La devoción a San José se manifiesta de diversas maneras y tiene un impacto profundo en la vida de los creyentes. Un claro ejemplo de esta conexión personal es la experiencia de visitantes como Gina Pribaz, quien viajó desde Estados Unidos para participar en las festividades. Su historia personal, marcada por la intercesión de San José durante una dificultad en el nacimiento de su primera hija, cuya fecha de nacimiento coincidió con la festividad del santo, es un testimonio de la fe viva. Para ella, la veneración de la reliquia del manto no fue solo un acto ceremonial, sino una experiencia emotiva que le permitió sentirse más cercana al hombre real que con amor guio y protegió a la Sagrada Familia, y que ahora se percibe como un protector para las familias contemporáneas.
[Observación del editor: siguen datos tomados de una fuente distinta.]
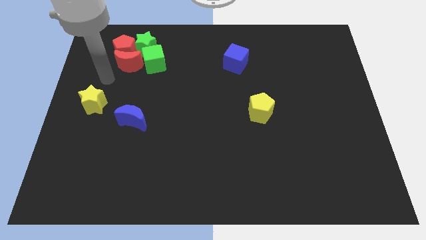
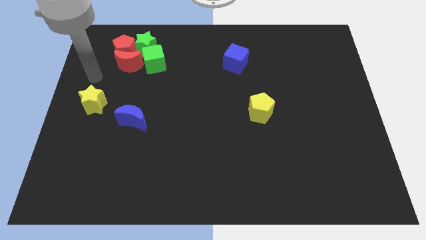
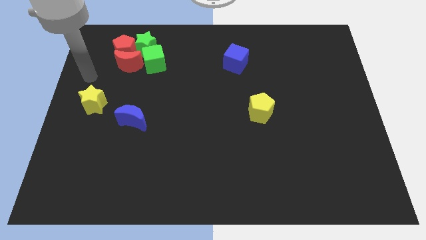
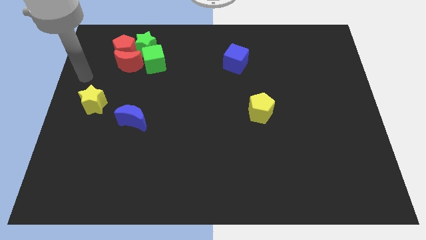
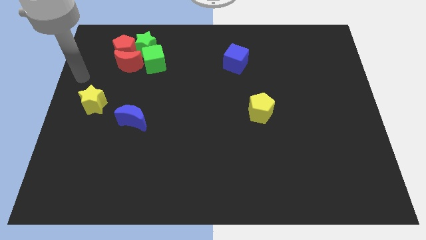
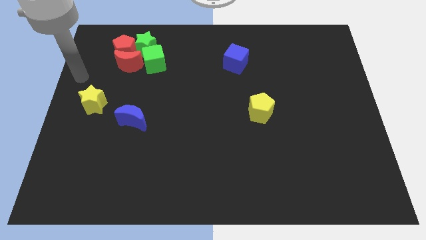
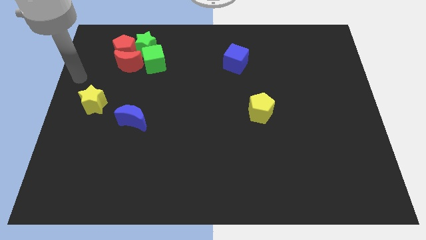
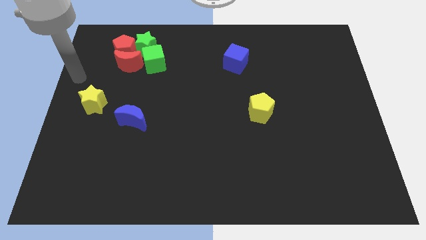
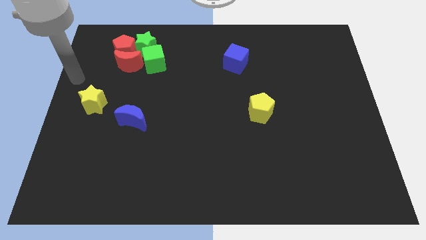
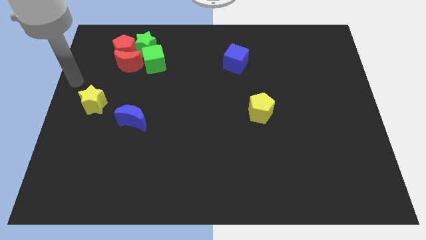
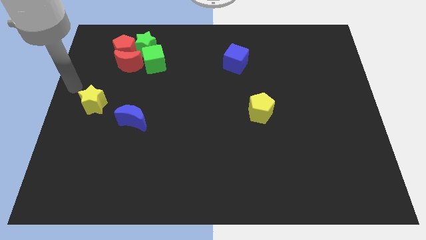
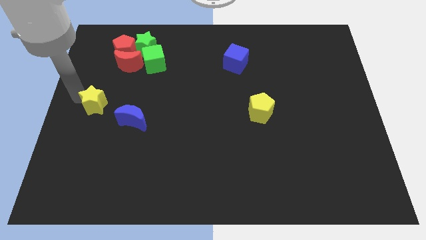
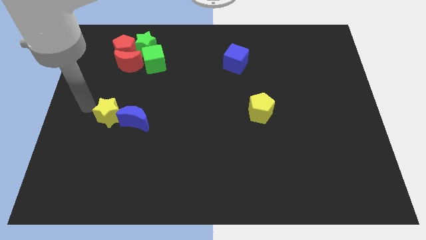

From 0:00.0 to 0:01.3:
move the yellow star to the left of the blue crescent

Esta profunda veneración por San José se extiende más allá de los confines de Roma y la experiencia personal. La devoción de la “Santa Manta”, por ejemplo, ha ganado popularidad globalmente. Esta práctica consiste en 30 días de oración que incluyen el rezo de la Letanía de San José, y cada día simboliza un año de la vida oculta de Jesús antes del inicio de su ministerio público, vivida bajo la protección y el cuidado paternal de San José. Esta devoción subraya la imagen de San José como un pilar fundamental en la vida de Jesús y la Virgen María, y como un poderoso intercesor para los fieles en todo el mundo.
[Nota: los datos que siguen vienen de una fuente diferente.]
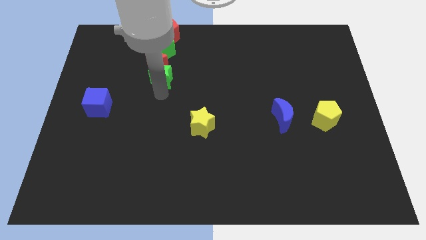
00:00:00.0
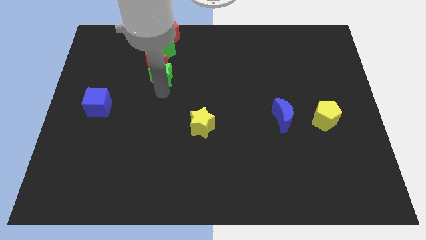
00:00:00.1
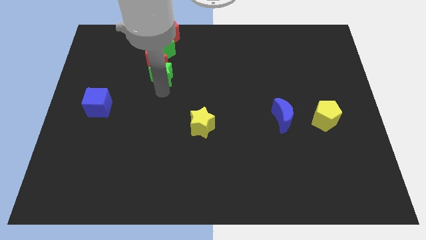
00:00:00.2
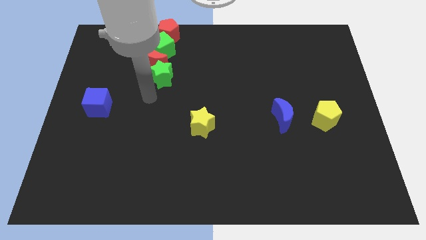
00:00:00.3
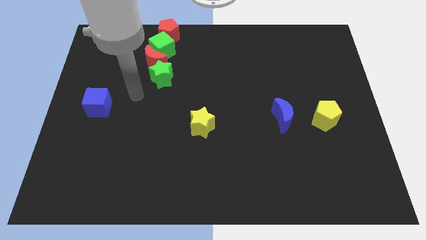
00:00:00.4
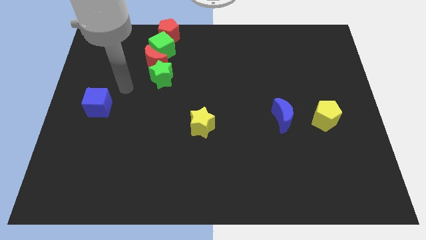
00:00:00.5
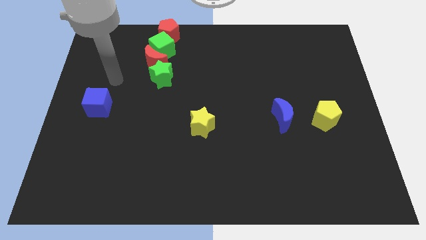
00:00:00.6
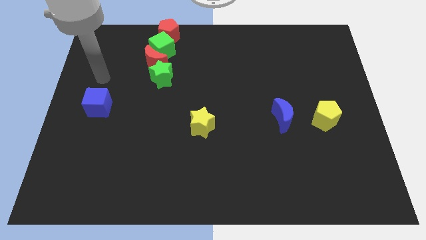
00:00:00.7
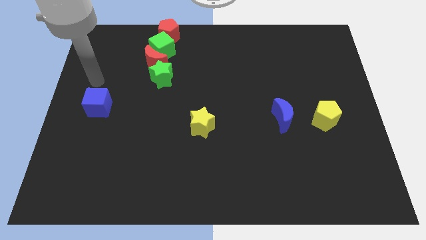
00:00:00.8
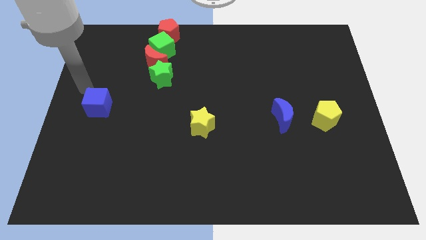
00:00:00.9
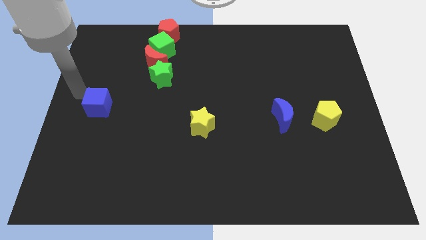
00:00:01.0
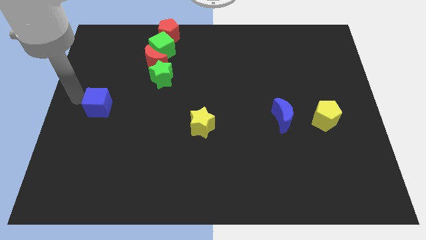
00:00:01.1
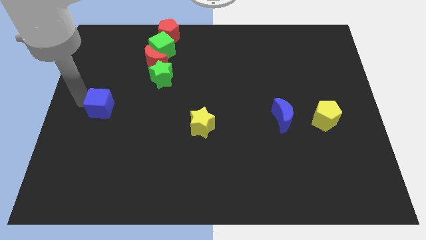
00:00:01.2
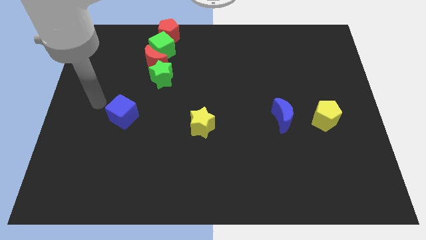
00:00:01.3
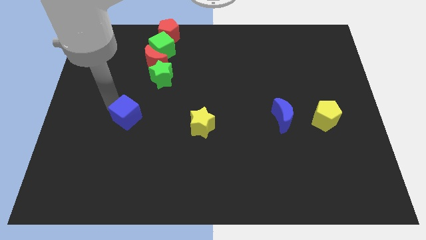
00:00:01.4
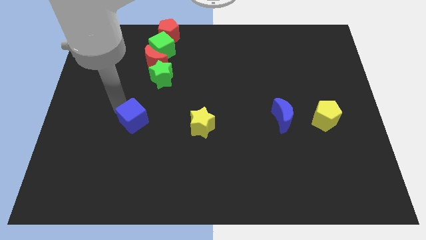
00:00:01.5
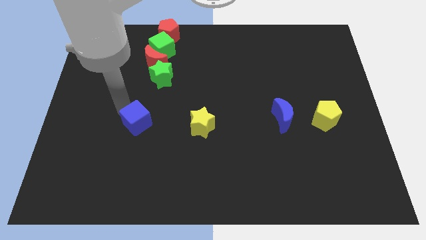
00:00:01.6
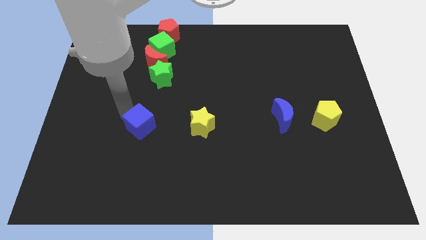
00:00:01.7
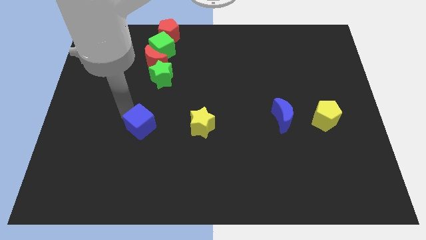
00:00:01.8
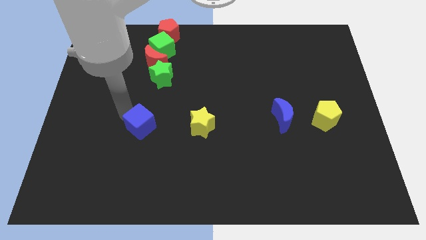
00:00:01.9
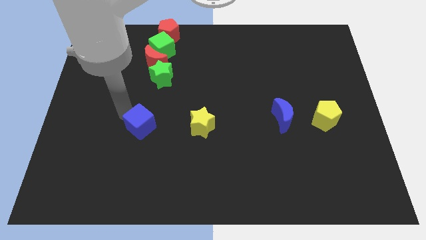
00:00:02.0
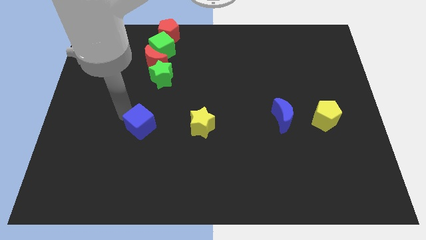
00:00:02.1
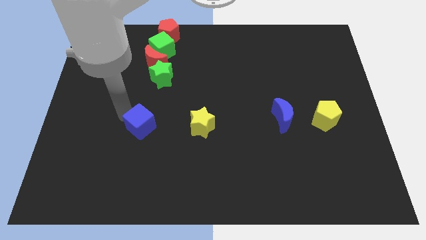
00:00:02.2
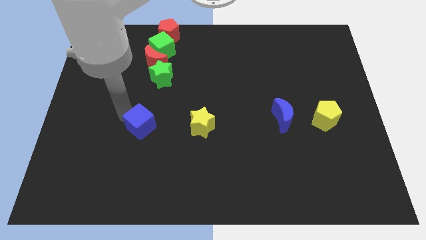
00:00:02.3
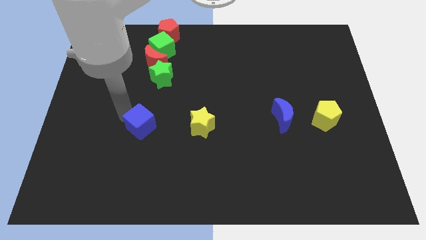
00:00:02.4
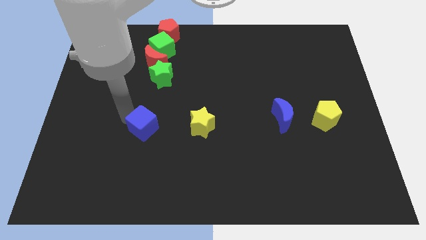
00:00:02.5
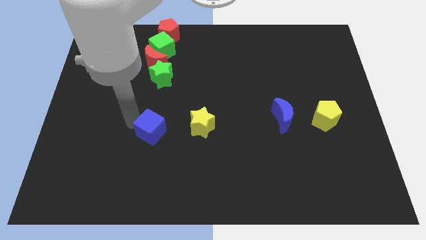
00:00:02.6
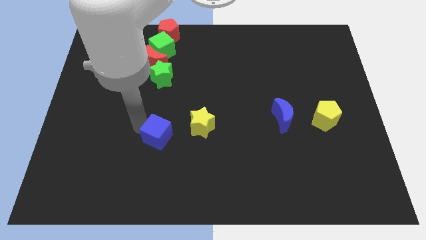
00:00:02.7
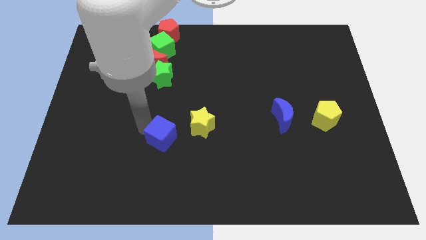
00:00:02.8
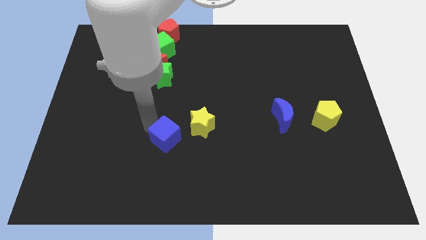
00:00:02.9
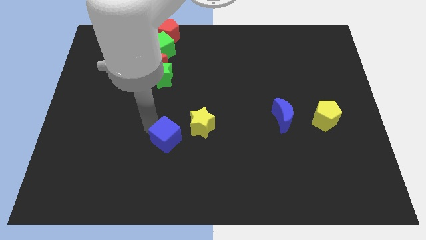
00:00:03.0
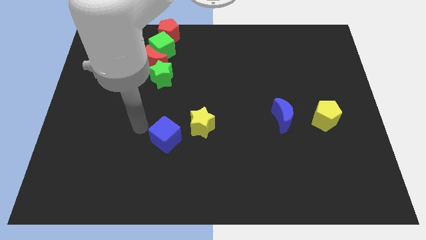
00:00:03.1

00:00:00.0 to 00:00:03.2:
place blue cube vertically below the green star

En resumen, la reciente celebración de la solemnidad de San José en Roma fue una vívida demostración de la fe católica y la perenne devoción a una de sus figuras más queridas. Desde la solemne procesión y las múltiples Misas, hasta la veneración de reliquias milenarias y la participación comunitaria, los eventos reafirmaron el papel central de San José como modelo de paternidad, protector y guía espiritual. La vitalidad de estas tradiciones asegura que la figura de San José continuará inspirando y congregando a fieles de todas las latitudes en el futuro, manteniendo viva una herencia de fe que perdura a través de los siglos.